Deadlock avoidance • Hierarchical locking – imposes an order on related locks and requires that all threads take locks in the same order, e.g. thread must lock condition variable before locking the linked list; • Stochastic locking – when order violation may occur try_lock() is used instead of lock().

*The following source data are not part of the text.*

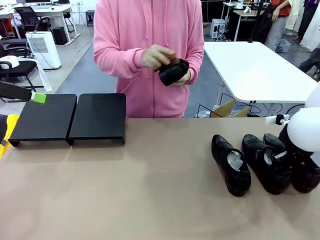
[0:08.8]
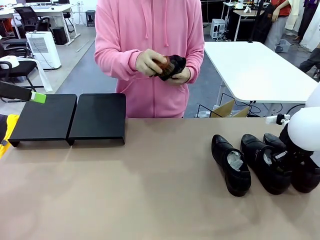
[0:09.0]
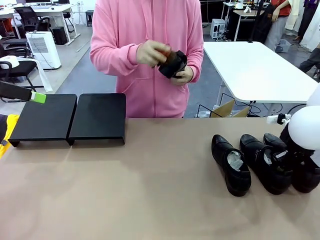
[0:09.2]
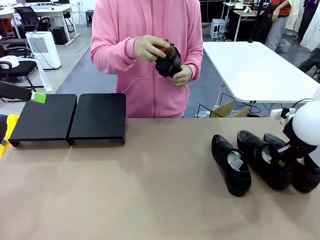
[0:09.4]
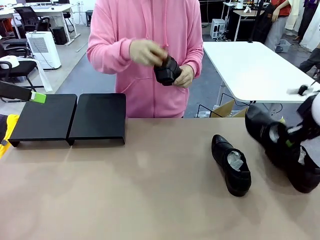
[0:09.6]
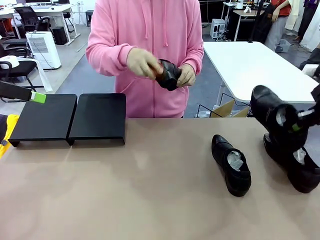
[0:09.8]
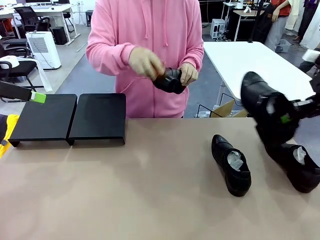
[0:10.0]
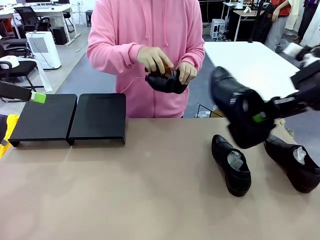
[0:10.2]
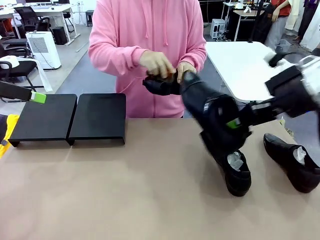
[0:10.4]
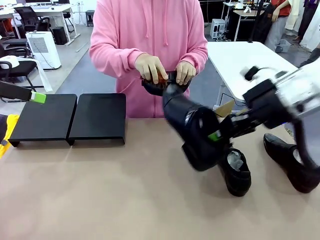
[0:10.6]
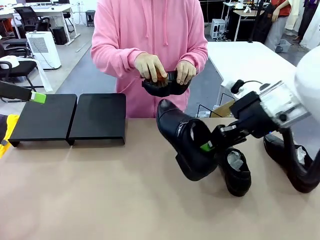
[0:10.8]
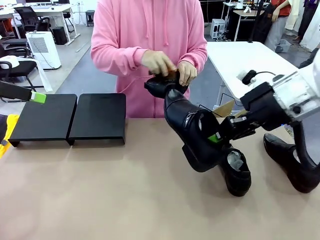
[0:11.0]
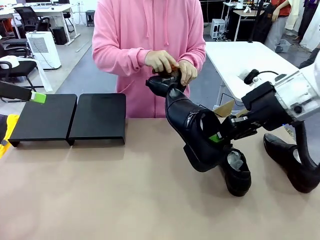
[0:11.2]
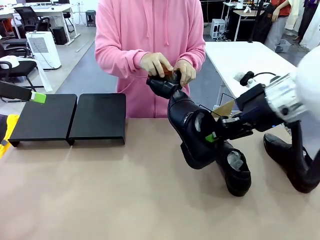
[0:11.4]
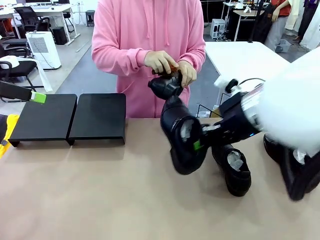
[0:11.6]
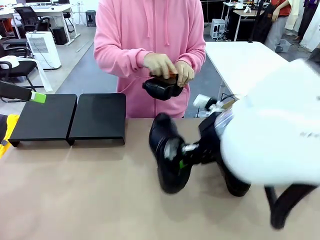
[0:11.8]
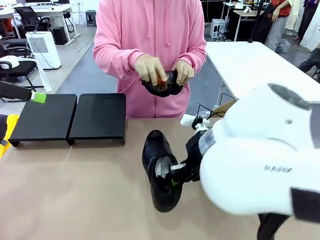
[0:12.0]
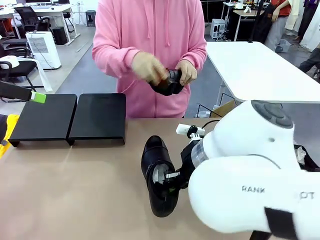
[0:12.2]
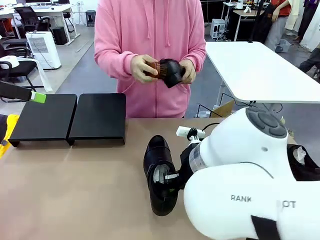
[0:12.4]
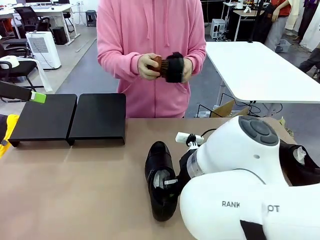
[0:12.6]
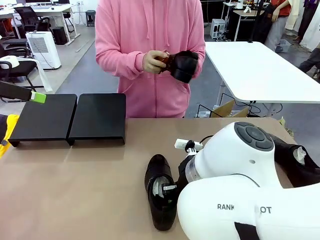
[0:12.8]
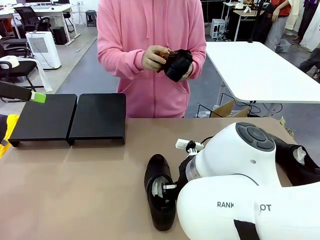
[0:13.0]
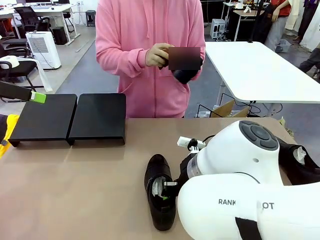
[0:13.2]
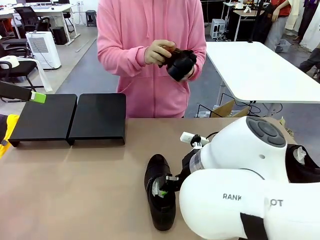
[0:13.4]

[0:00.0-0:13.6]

If the lock cannot be acquired because it is allocated already it returns a failure instead of blocking.
Recursive locks • Lock, which is owned by a thread is acquired by a lower level routine which is called by the thread to perform some operation on resource locked by the thread. Without recursion there would be deadlock.